Closed cmgosnell closed 2 years ago
I'm far from an expert on XBRL at this point, but I think I understand the basic concepts well enough to work towards extracting relevant data. Importantly, an XBRL instance is composed of facts
. A fact
is considered to be an atomic piece of data. It contains a value and all information needed to interpret that value (concept, unit, time period). A taxonomy then describes relationships between facts and provides some structure to the data.
Arelle seems to be the only particularly mature open source solution for interacting with XBRL. It was recently acquired by Workiva, and they claim it won't become proprietary. If this is true it could mean more support and consistent financial backing. Arelle provides a CLI, a GUI, and direct access through an API. No matter what method we use, it will most likely need to be scripted as Arelle is really not made for interacting with more than one filing at a time. For this reason, I think the API will probably be the most direct way to do this.
The API doesn't have much documentation, but digging around I think I've figured out enough to make use of it. I've figured out how to directly access the taxonomy, and the fact lists of individual filings. With access to both of these, I should be able to move forward with integrating the XBRL filings into the ETL.
There are many other tools for working with XBRL, but most of them are some combination of proprietary, targeted at helping companies doing filing, and focused on SEC data.

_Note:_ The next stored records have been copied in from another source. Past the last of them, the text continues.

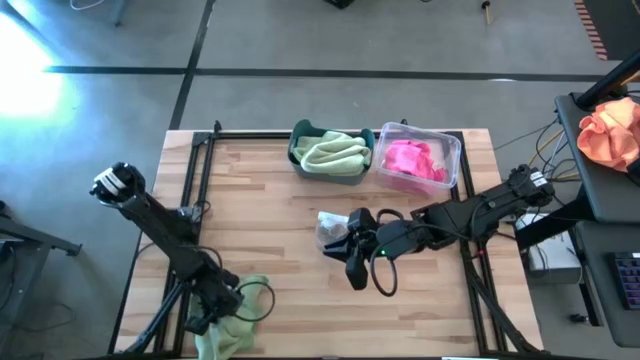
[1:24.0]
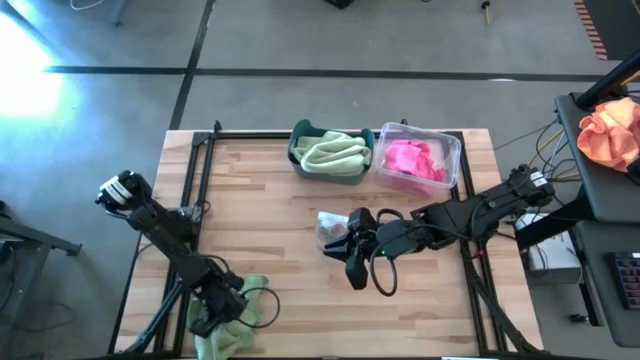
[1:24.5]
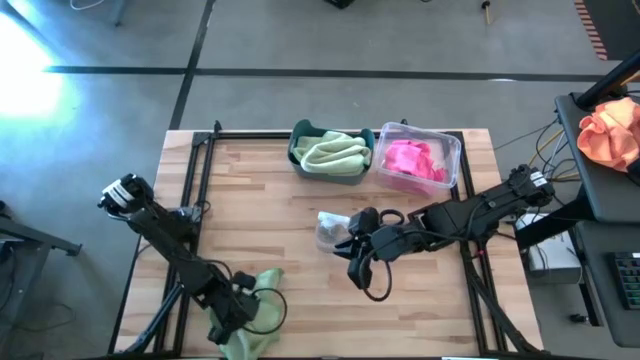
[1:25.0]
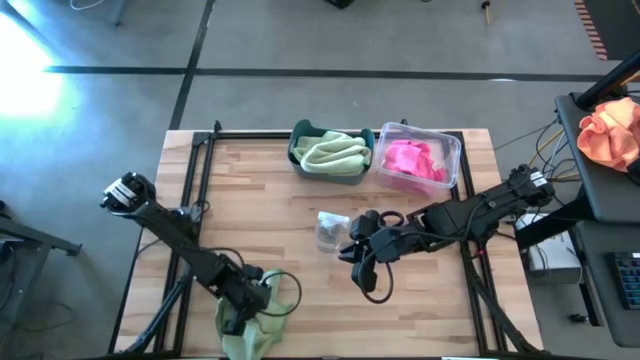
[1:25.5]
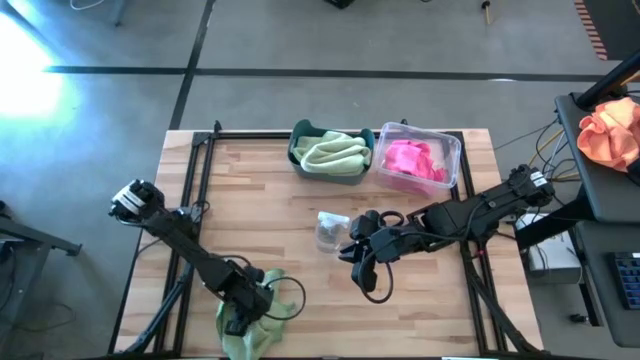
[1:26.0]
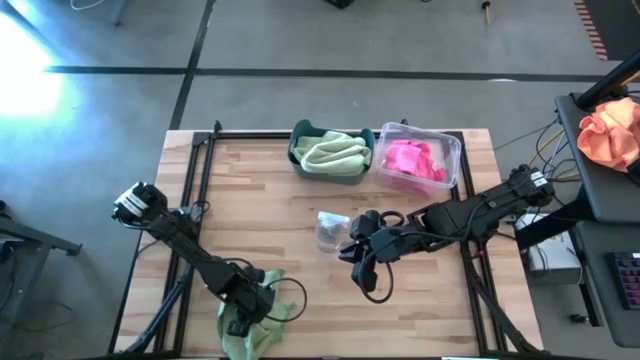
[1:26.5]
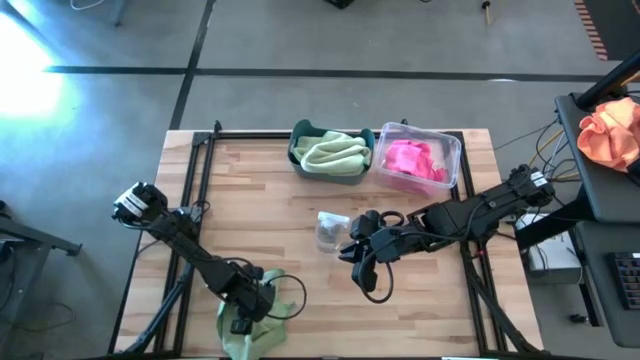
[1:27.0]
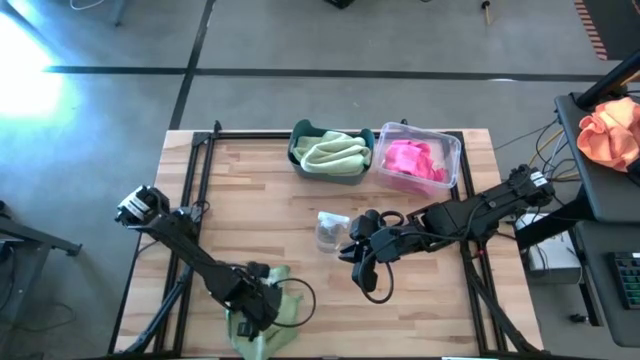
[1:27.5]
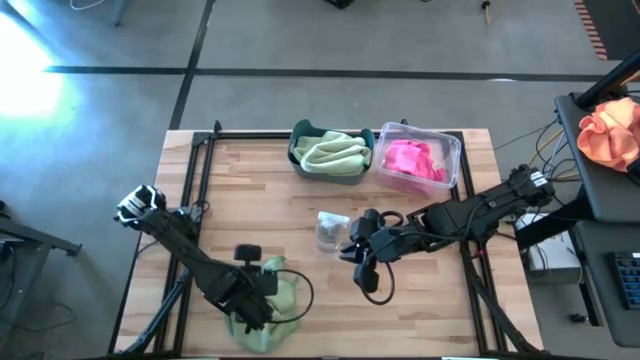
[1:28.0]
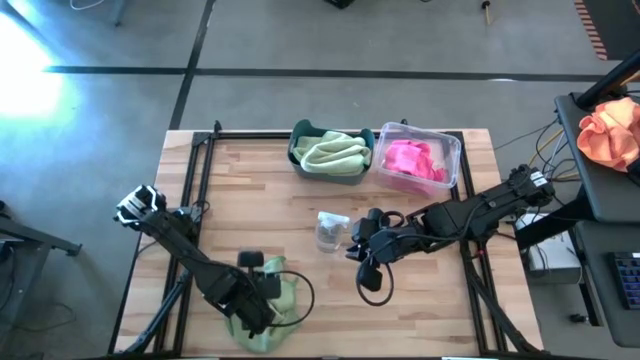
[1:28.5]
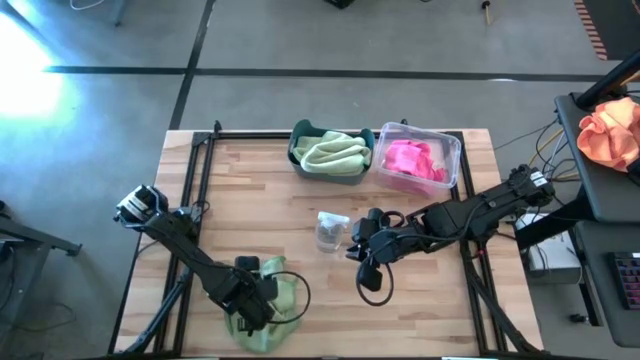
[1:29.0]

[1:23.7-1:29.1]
Task: Sort microfiber towel by color & place in baskets
Put the green microfiber cloth into the blue bin

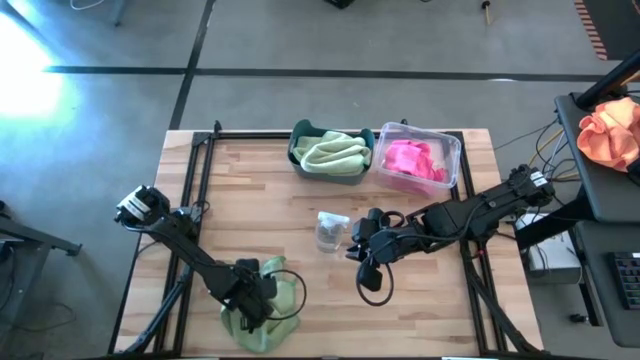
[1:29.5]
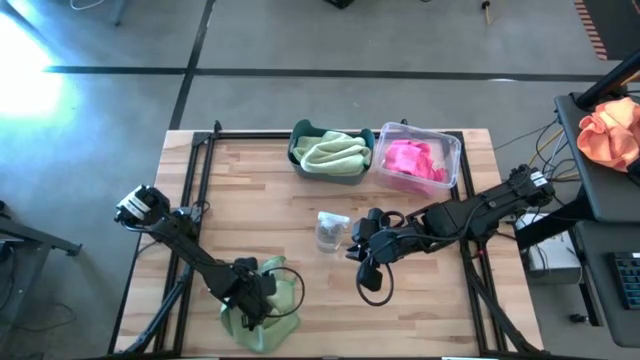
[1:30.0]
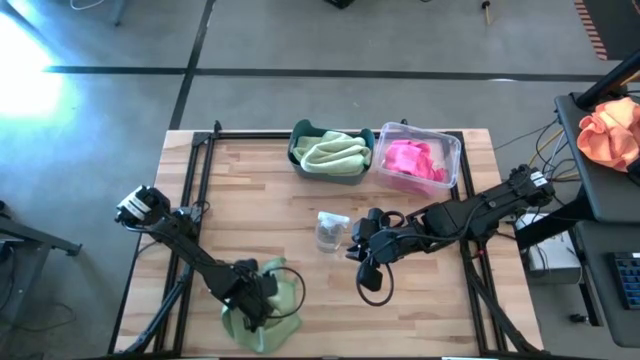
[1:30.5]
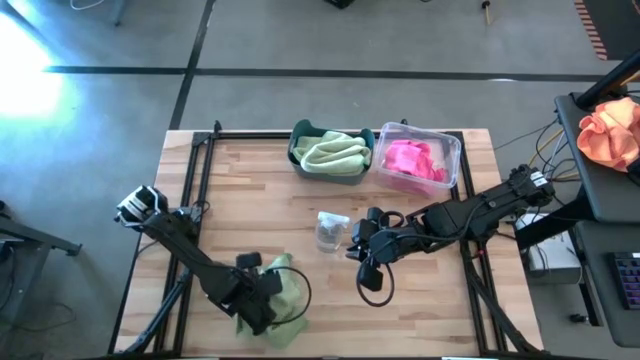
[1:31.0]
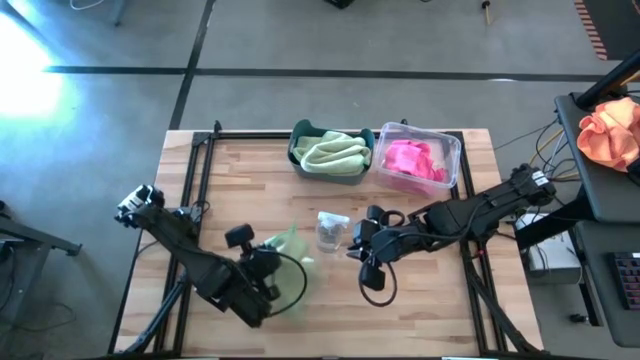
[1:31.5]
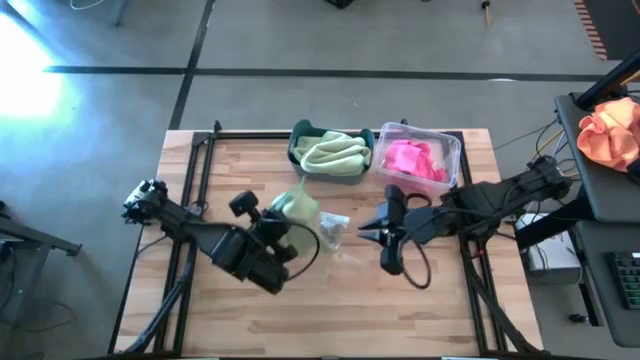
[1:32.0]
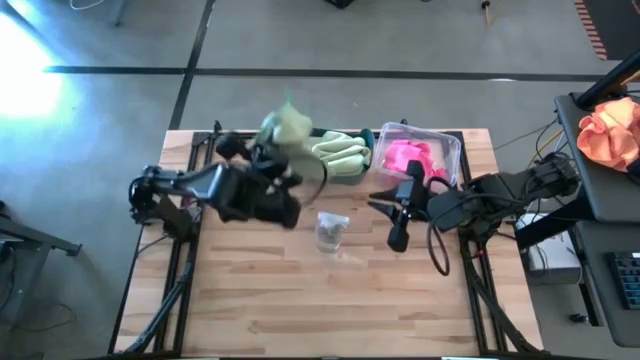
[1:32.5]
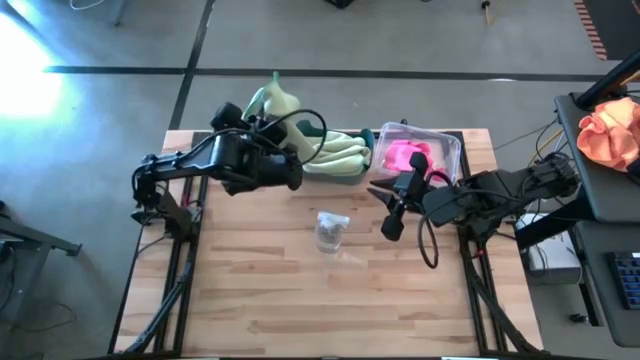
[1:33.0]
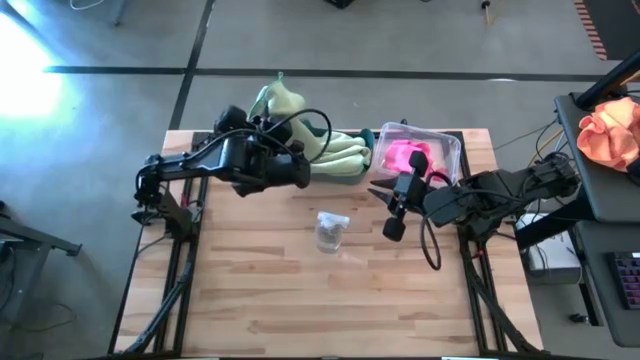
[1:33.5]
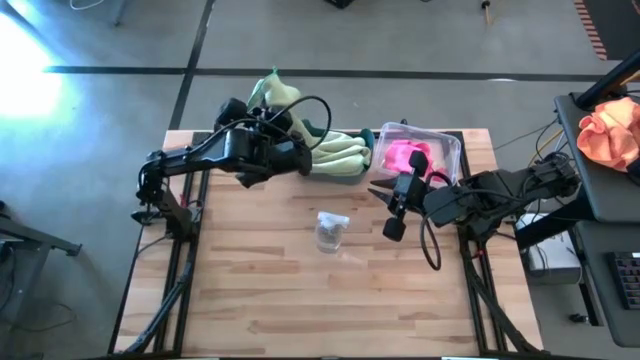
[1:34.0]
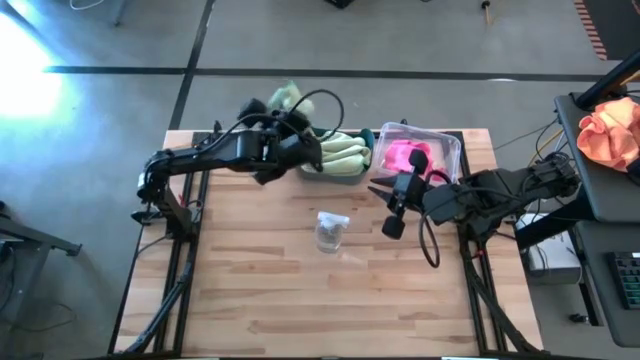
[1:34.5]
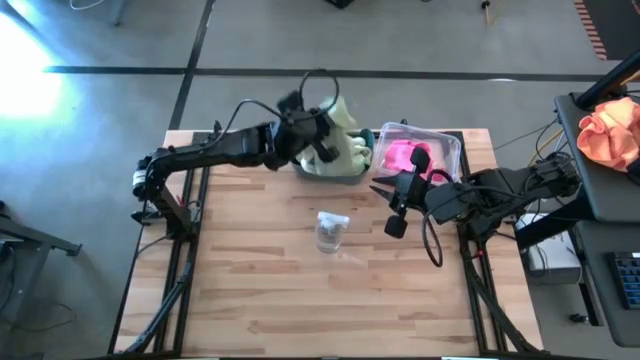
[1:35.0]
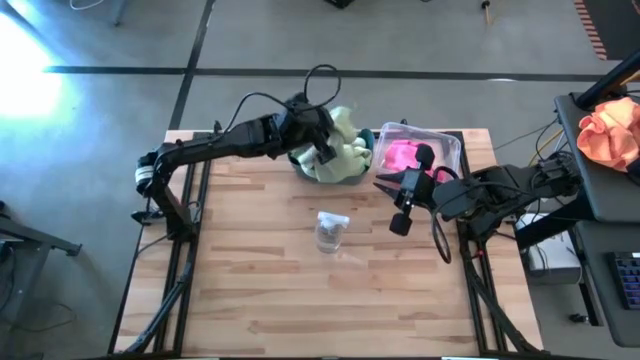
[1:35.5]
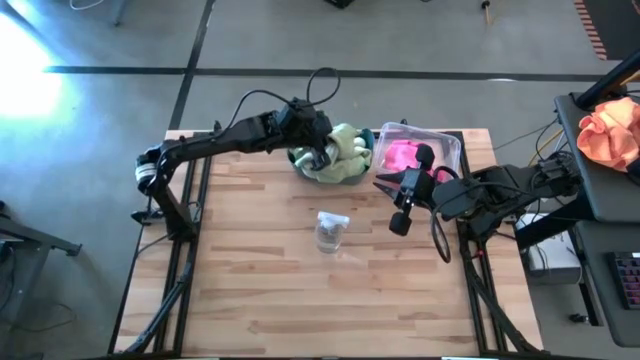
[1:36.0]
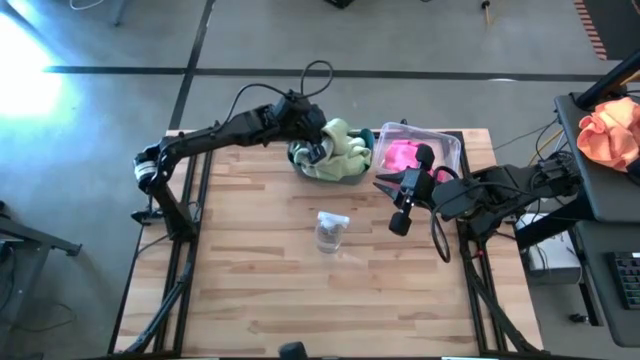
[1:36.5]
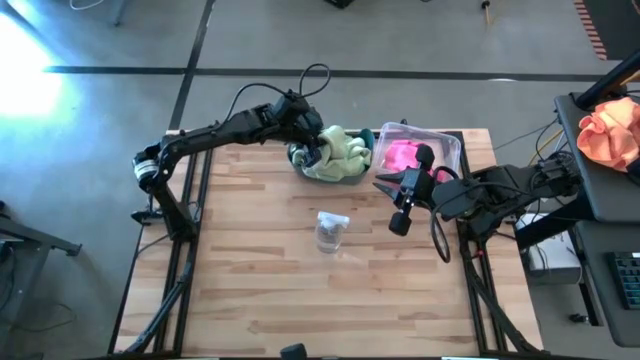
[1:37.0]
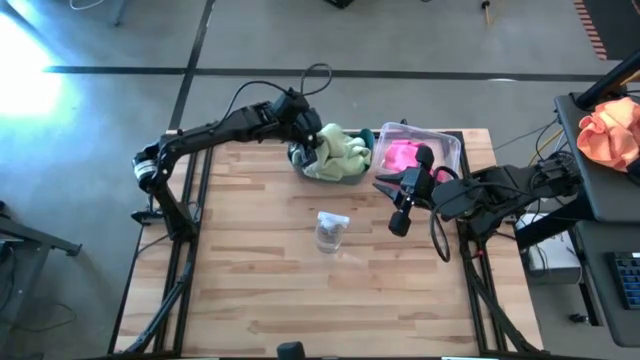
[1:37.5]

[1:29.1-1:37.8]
Put the green microfiber cloth into the blue bin

XBRL-US seems to be the biggest player in the XBRL ecosystem, and they do provide several options for accessing FERC data, but only with a paid membership.
It seems that the easiest way to integrate new XBRL based data with the old Foxpro based data would be to develop a method for extracting data and mapping it to the SQLlite db created by ferc1_to_sqlite
. The taxonomy released for FERC form 1 very closely maps tables to the pages of the raw form, so it should be able to map this data to said SQLite db. As a starting place, I plan to try and implement this mapping for the tables currently being used by PUDL. From here we can attempt some data verification before working on the mapping for the rest of the tables.
Moving from scoping to integration
Research XBRL ecosystem, FERC's usage of XBRL, and develop a forward plan for integrating XBRL based FERC filings into PUDL.